TASK:
The expected output is the full set of entries, retyped verbatim, pictures excluded.

Saved entries:
..............................

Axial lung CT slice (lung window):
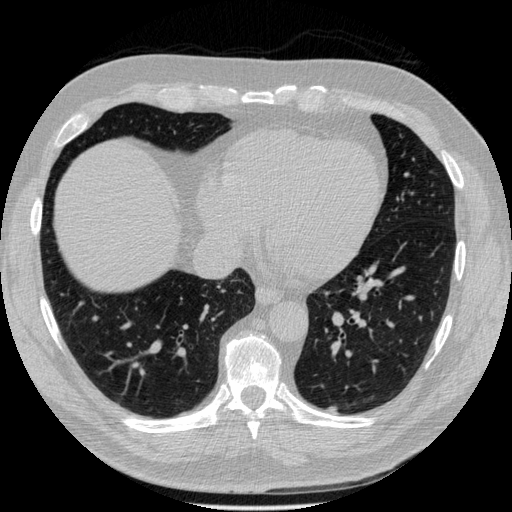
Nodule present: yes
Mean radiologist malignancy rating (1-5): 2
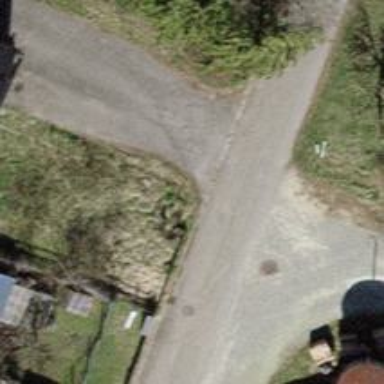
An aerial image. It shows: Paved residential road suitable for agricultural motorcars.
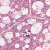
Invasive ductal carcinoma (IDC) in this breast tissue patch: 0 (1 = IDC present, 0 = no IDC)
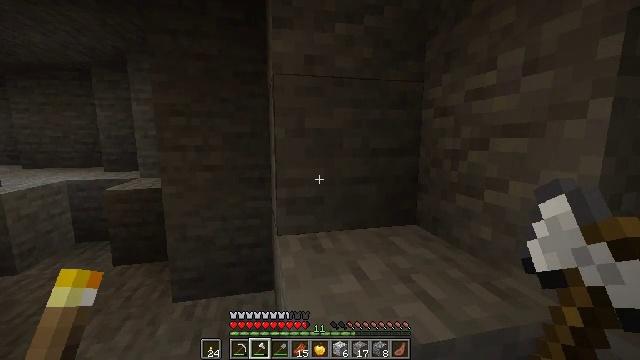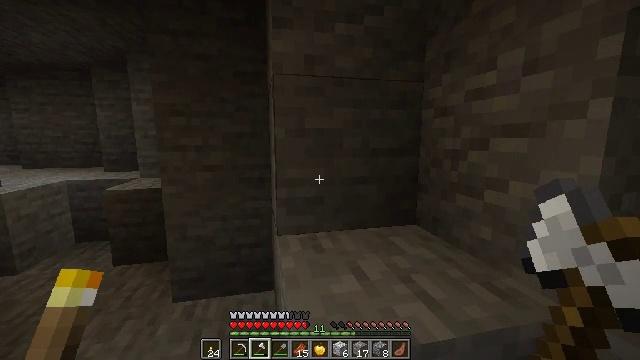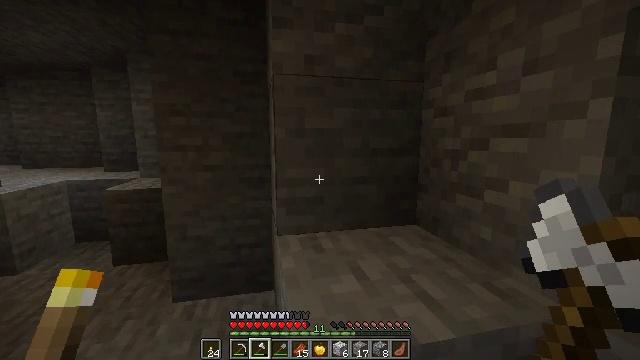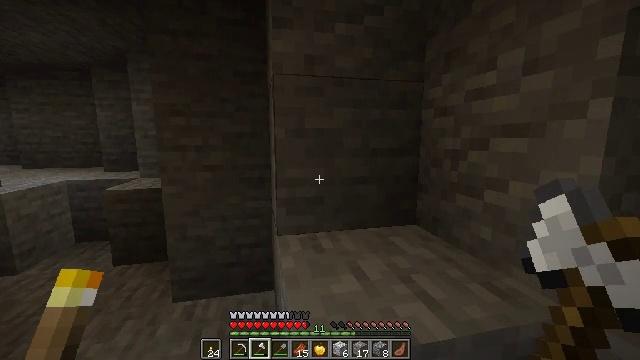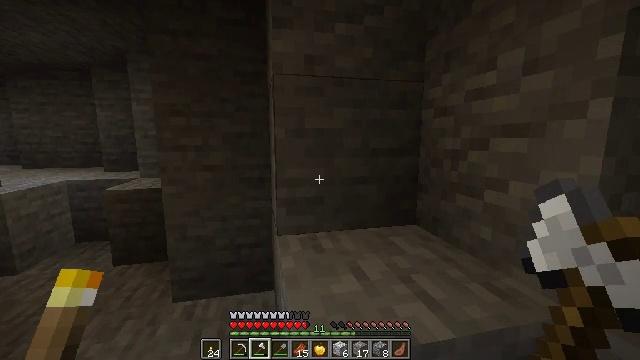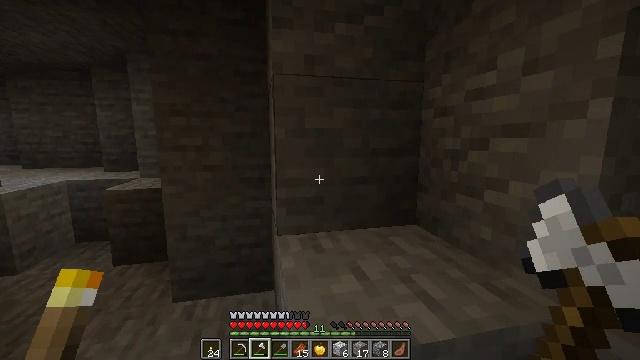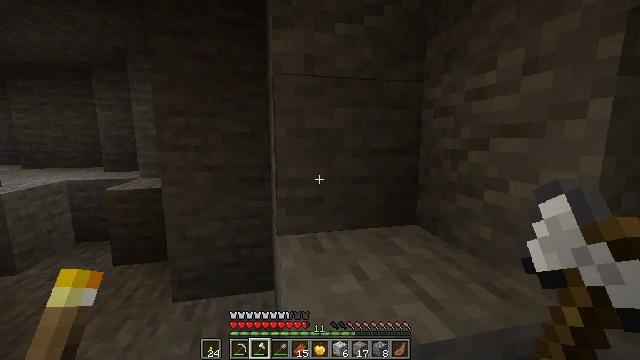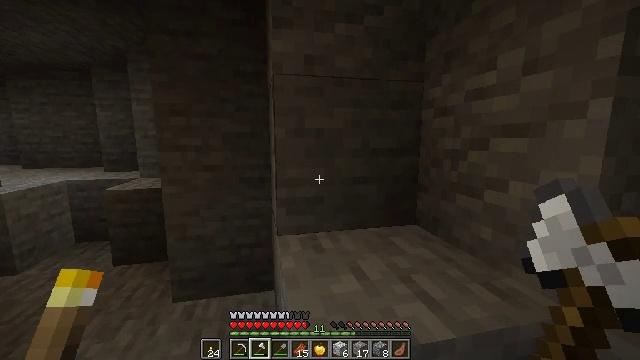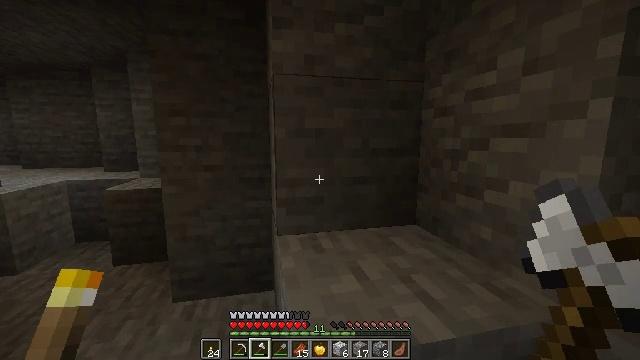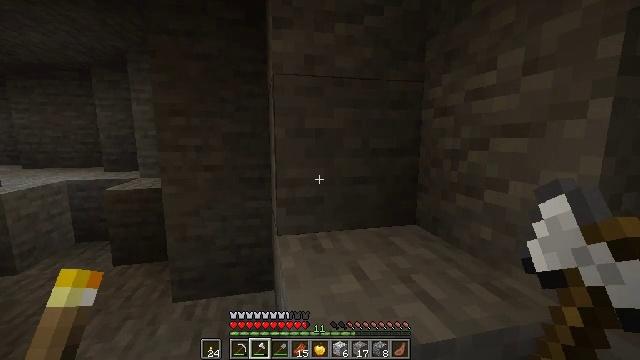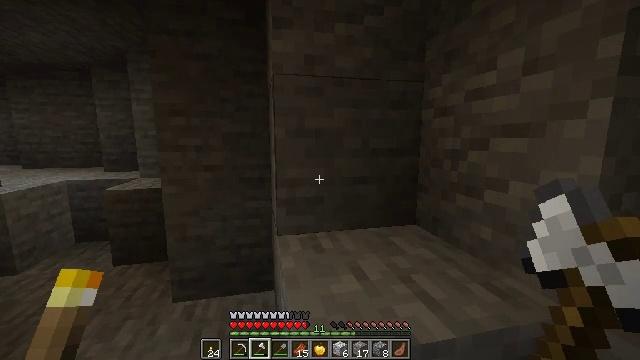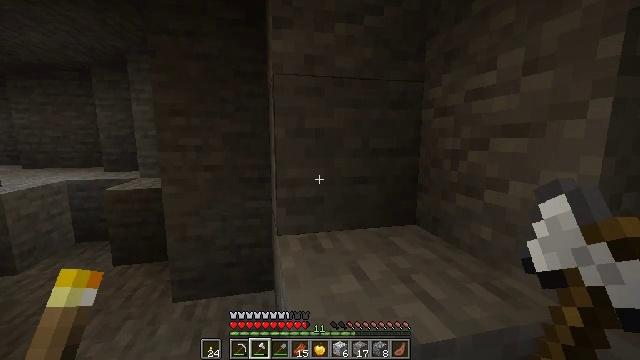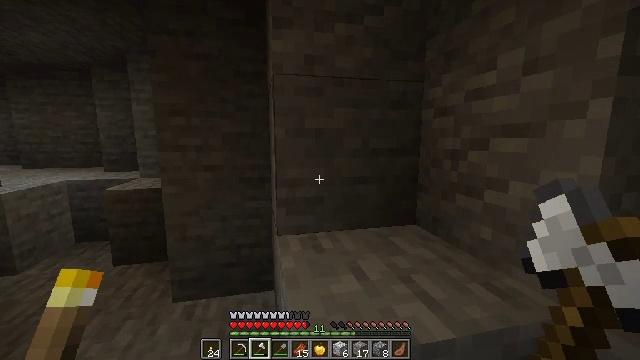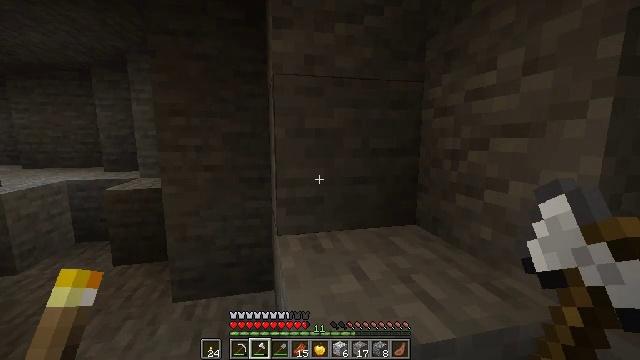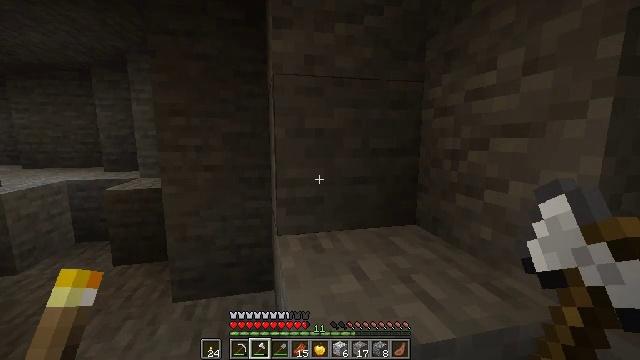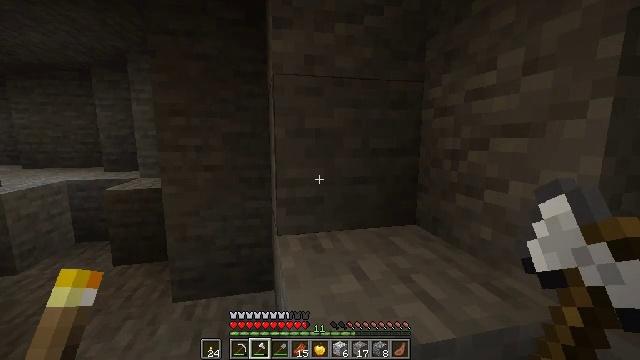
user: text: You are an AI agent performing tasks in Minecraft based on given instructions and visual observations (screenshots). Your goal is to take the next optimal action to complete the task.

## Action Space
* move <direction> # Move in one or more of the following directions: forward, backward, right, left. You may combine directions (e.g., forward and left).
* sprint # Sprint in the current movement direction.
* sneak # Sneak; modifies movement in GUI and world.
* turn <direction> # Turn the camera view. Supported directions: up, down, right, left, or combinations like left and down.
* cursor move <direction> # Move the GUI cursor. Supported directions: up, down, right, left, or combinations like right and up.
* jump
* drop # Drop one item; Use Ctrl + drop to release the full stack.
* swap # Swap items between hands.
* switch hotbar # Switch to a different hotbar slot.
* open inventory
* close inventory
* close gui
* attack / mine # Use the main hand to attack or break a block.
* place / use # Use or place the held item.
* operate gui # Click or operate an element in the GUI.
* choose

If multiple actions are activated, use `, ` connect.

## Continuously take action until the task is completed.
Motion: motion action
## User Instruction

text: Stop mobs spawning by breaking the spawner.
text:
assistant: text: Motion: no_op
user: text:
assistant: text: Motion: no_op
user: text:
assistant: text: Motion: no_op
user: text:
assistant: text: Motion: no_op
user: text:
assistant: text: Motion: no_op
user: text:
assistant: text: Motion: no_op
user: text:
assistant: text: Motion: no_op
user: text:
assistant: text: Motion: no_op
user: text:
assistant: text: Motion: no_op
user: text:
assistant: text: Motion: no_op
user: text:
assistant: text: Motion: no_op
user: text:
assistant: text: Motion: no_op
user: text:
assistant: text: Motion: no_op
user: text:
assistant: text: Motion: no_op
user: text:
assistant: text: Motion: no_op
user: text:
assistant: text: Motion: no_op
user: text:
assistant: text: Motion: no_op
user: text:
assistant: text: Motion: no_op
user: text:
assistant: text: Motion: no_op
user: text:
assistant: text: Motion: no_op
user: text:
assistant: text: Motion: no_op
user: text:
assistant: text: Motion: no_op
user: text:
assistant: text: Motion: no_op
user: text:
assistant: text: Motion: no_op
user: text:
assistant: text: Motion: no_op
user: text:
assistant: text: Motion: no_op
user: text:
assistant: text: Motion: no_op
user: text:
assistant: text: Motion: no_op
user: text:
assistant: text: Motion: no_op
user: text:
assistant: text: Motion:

..............................

TASK RESPONSE:
Axial lung CT slice (lung window):
Nodule present: yes
Mean radiologist malignancy rating (1-5): 2
An aerial image. It shows: Paved residential road suitable for agricultural motorcars.
Invasive ductal carcinoma (IDC) in this breast tissue patch: 0 (1 = IDC present, 0 = no IDC)
user: text: You are an AI agent performing tasks in Minecraft based on given instructions and visual observations (screenshots). Your goal is to take the next optimal action to complete the task.

## Action Space
* move <direction> # Move in one or more of the following directions: forward, backward, right, left. You may combine directions (e.g., forward and left).
* sprint # Sprint in the current movement direction.
* sneak # Sneak; modifies movement in GUI and world.
* turn <direction> # Turn the camera view. Supported directions: up, down, right, left, or combinations like left and down.
* cursor move <direction> # Move the GUI cursor. Supported directions: up, down, right, left, or combinations like right and up.
* jump
* drop # Drop one item; Use Ctrl + drop to release the full stack.
* swap # Swap items between hands.
* switch hotbar # Switch to a different hotbar slot.
* open inventory
* close inventory
* close gui
* attack / mine # Use the main hand to attack or break a block.
* place / use # Use or place the held item.
* operate gui # Click or operate an element in the GUI.
* choose

If multiple actions are activated, use `, ` connect.

## Continuously take action until the task is completed.
Motion: motion action
## User Instruction

text: Stop mobs spawning by breaking the spawner.
text:
assistant: text: Motion: no_op
user: text:
assistant: text: Motion: no_op
user: text:
assistant: text: Motion: no_op
user: text:
assistant: text: Motion: no_op
user: text:
assistant: text: Motion: no_op
user: text:
assistant: text: Motion: no_op
user: text:
assistant: text: Motion: no_op
user: text:
assistant: text: Motion: no_op
user: text:
assistant: text: Motion: no_op
user: text:
assistant: text: Motion: no_op
user: text:
assistant: text: Motion: no_op
user: text:
assistant: text: Motion: no_op
user: text:
assistant: text: Motion: no_op
user: text:
assistant: text: Motion: no_op
user: text:
assistant: text: Motion: no_op
user: text:
assistant: text: Motion: no_op
user: text:
assistant: text: Motion: no_op
user: text:
assistant: text: Motion: no_op
user: text:
assistant: text: Motion: no_op
user: text:
assistant: text: Motion: no_op
user: text:
assistant: text: Motion: no_op
user: text:
assistant: text: Motion: no_op
user: text:
assistant: text: Motion: no_op
user: text:
assistant: text: Motion: no_op
user: text:
assistant: text: Motion: no_op
user: text:
assistant: text: Motion: no_op
user: text:
assistant: text: Motion: no_op
user: text:
assistant: text: Motion: no_op
user: text:
assistant: text: Motion: no_op
user: text:
assistant: text: Motion:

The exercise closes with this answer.